Thursday, September 24, 2009

Ring Daddy #29

A couple of days ago I found an Iron Cross.



This is a German metal given for bravery. I have no idea if it is real...I hardly think it could be, but I don't see copy on it anywhere.
Yesterday, I slogged out to the beach with very little hope of finding anything. I was not in a good frame of mind for treasure hunting. It has been almost three weeks again since I found my last gold ring and I hunt almost every day, sometimes twice a day depending upon when low tide is. My enthusiasm has been crushed by the renourishment at MB. And the wind, oh the wind…there is none. I checked the forecast, the ten day outlook, for wind and the windiest day is 11 mph. A good bean fart has registered at 14 mph.
When I arrived a fair size crowd was at the waters edge watching the melee in the surf; an acre of baitfish, hundreds of small fish flipping, leaping into the air hoping to survive another few seconds while the bluefish tore into the school. And then a shark, three or four foot long, cleared the water and splashed down into the frenzy. Whoa! What a show!
I put the headphones on and went to work, enjoying the late summer heat that has lingered into the first days of fall. Amazing that it can be upper 80’s and three months from now it will be lower 30’s and snot flying out of the sky. I hate winter.
I don’t really know why I have been going out at low tide lately. The beach is hugely humped up at the low tide line and I rarely find anything there. For the past few weeks almost all my finds are from the upper third of the beach. I always wander down on the lower beach to make sure nothing has changed and it has not, a few pennies and pull tabs.
It takes me ten or fifteen minutes to find my first pull tab. Not good.
I look up and down the beach trying to read the beach. It all looks the same, nothing to give me hope. I slog on. And on.
I pick up a few coins along the same line that I have been hunting for weeks, on and on I go, bouncing like a pinball, zig zagging the upper beach, a coin here, a pull tab there.
Halfway back to the VW I get a nice foil sound. It is less noisy than a ketchup packet, close to a wadded up gum wrapper…but it sounds more wholesome, like the girl next door with the big blue eyes. Before I dig this signal I am already smiling. I could be wrong but I am pretty sure it is a thin banded gold ring. Out comes the sand. I kick the sand around and spot the gold ring. Bingo!
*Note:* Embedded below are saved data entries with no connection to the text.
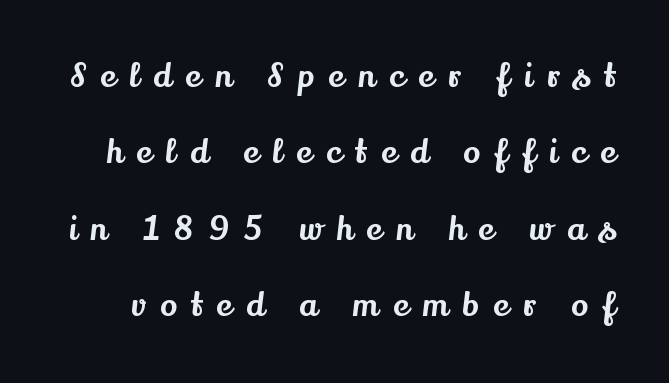
The image shows 32 px serif type; set loose line spacing (2.39x), unusually wide letter spacing (+0.45 em), not underlined; medium stroke contrast and a small x-height.
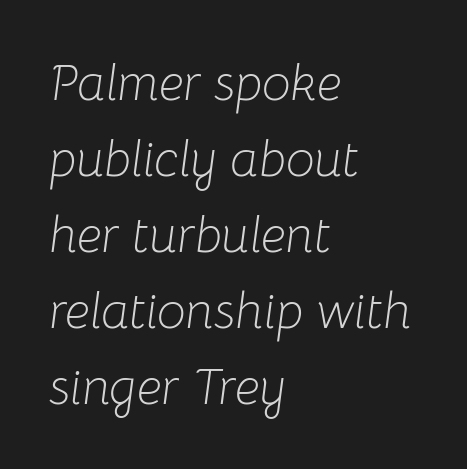
This is not heavy type; no bold has been used. Lines of text with bare space underneath. Compared with ordinary roman type, these characters are visibly tilted. The passage shown is typed in a proportional face where columns would drift. Compared with typical paragraphs, the rows here are spaced about the same.
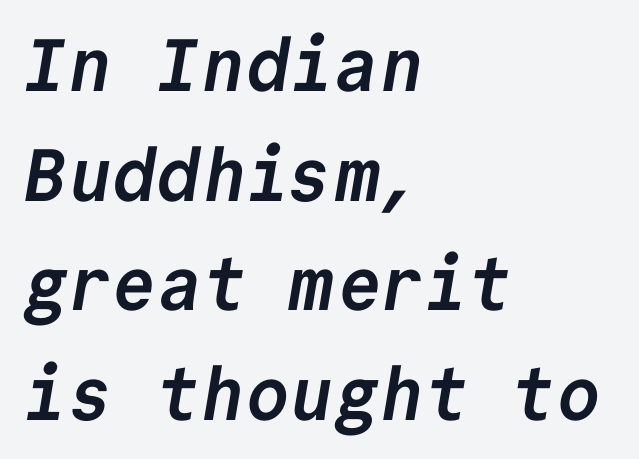
Q: Is the text bold? A: Yes.
Q: Is the typeface a serif or a sans-serif typeface? A: Sans-serif.
Q: Is the text underlined? A: No.
Q: How is the paragraph aligned? A: Left-aligned.
Q: Is the spacing between letters normal or unusually wide? A: Normal.
Q: Is the spacing between lines tight, normal or loose? A: Normal.
Q: Width (condensed, normal, or wide)? A: Normal.
Q: Stroke contrast? A: Low.
Q: x-height? A: Medium.
Q: Monospaced? A: Yes.
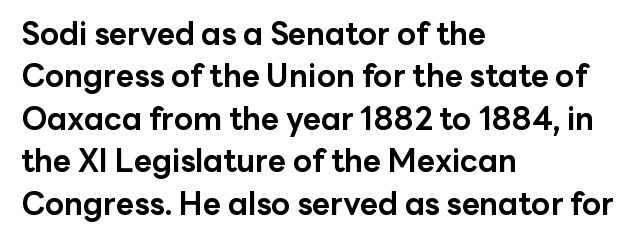
The image shows 31 px bold sans-serif type, upright; set left-aligned, normal line spacing (1.37x), normal letter spacing, not underlined; low stroke contrast and a medium x-height.
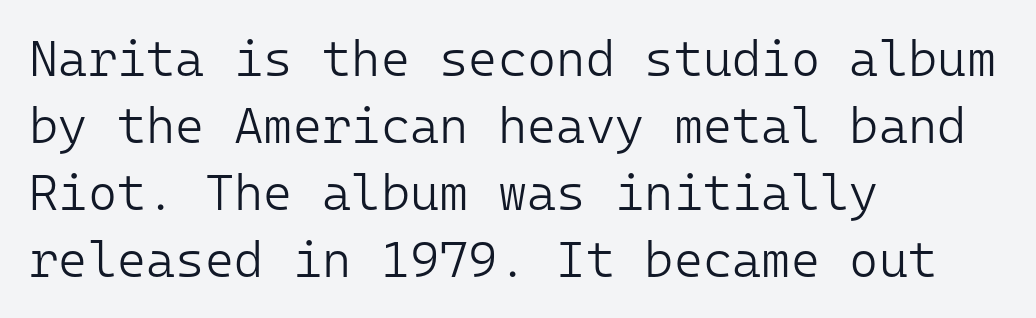
{"serif": "no", "italic": "no", "bold": "no", "weight": "light", "width": "normal", "stroke_contrast": "low", "x_height": "medium", "monospaced": "yes", "underline": "no", "align": "left", "line_spacing": "normal", "line_spacing_ratio": 1.34, "letter_spacing": "normal", "letter_spacing_em": 0.0, "glyph_px": 50}
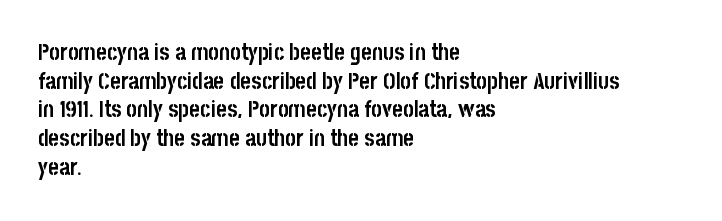
{"italic": "no", "bold": "yes", "underline": "no", "align": "left", "line_spacing": "normal", "line_spacing_ratio": 1.25, "letter_spacing": "normal", "letter_spacing_em": 0.0, "glyph_px": 23}
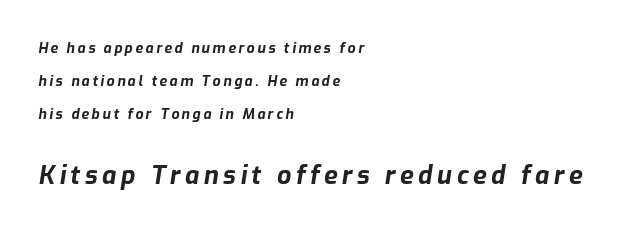
Q: Is the text bold? A: Yes.
Q: Is the text italic (slanted)? A: Yes, it leans right by about 9 degrees.
Q: Is the text underlined? A: No.
Q: How is the paragraph aligned? A: Left-aligned.
Q: Is the spacing between lines tight, normal or loose? A: Loose.
Q: Which block of text is set in a larger size, the first (top) or the second (bottom)? A: The second (bottom) one.
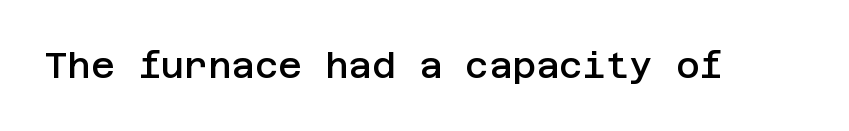
{"serif": "no", "italic": "no", "bold": "semi", "weight": "semibold", "width": "normal", "stroke_contrast": "low", "x_height": "large", "underline": "no", "letter_spacing": "normal", "letter_spacing_em": 0.0, "glyph_px": 36}
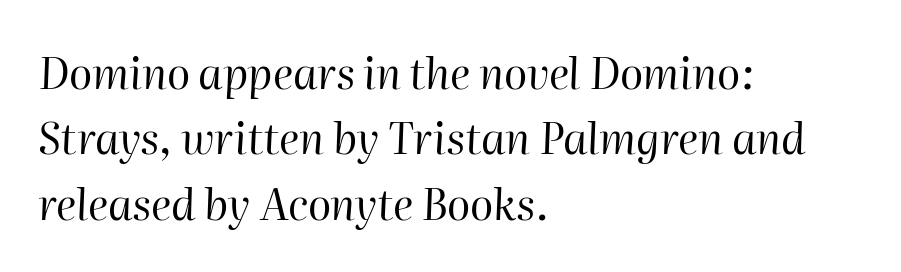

It looks as though it is part of a set with the thin curved band. Who cares!! It’s the first gold I’ve seen in ages. The diamond is a wannabe, cz.
Here is the mess from yesterday. $1.91 in change.
5:30 this morning I was out again. I headed north of where I hunted yesterday. The beach was empty and the darkened sky held a few stars and one planet showing in the cirrus clouds. I see wet beach to the north but I have done better to the south…so I go south. South was the wrong decision. I spend the first hour getting a few coins on the upper one third and then finally head north. I should have listened to myself and done the wet sand first. This part of the beach is not humped up; more flat with a slight incline and there are targets all the way to the encroaching low tide line. The sky is beginning to lighten and there are mountain clouds the color of dried blood at the horizon. A few folks with cameras have come to see the dawn. Three men are casting their lines into the surf. I glance to the east and a cloud has taken on the look of a B-17 Flying Fortress complete with props. A shrimp boat in the distance with its arms spread and the rigging give the impression of a pirate ship in the half light. It turns north to intercept the rising sun. I don’t see any gulls following the ship, not a good sign for a shrimp boat. Far to sea, dark large birds, ten perhaps, pelicans perhaps, are loosely flying as a flock. Pelicans are usually more organized.
The last two planets are gone, lost in the bluing sky.
I dig a key and think about the tourists. They’ve lost their prescription glasses and keys on the beach. They have to hotwire the car and then drive home blind. I’m chuckling and digging and watching the dawn.
The shrimp boat becomes a major player for the photographers as it heads into the red sun inching over the sea.
Good Morning America.
Quite a few targets this morning but no gold. $4.74 in change in three hours. One Canadian dime that gave a horrible signal.

1 comment:

admin said...

Jim I would love to see you write about where you find the holes in the water that I read about from you. Are they in the water when the beach has a cut or are you doing something else to find the holes. I am a new hunter in Florida waters and trying to learn as much as possible. Enjoy you writing and finds.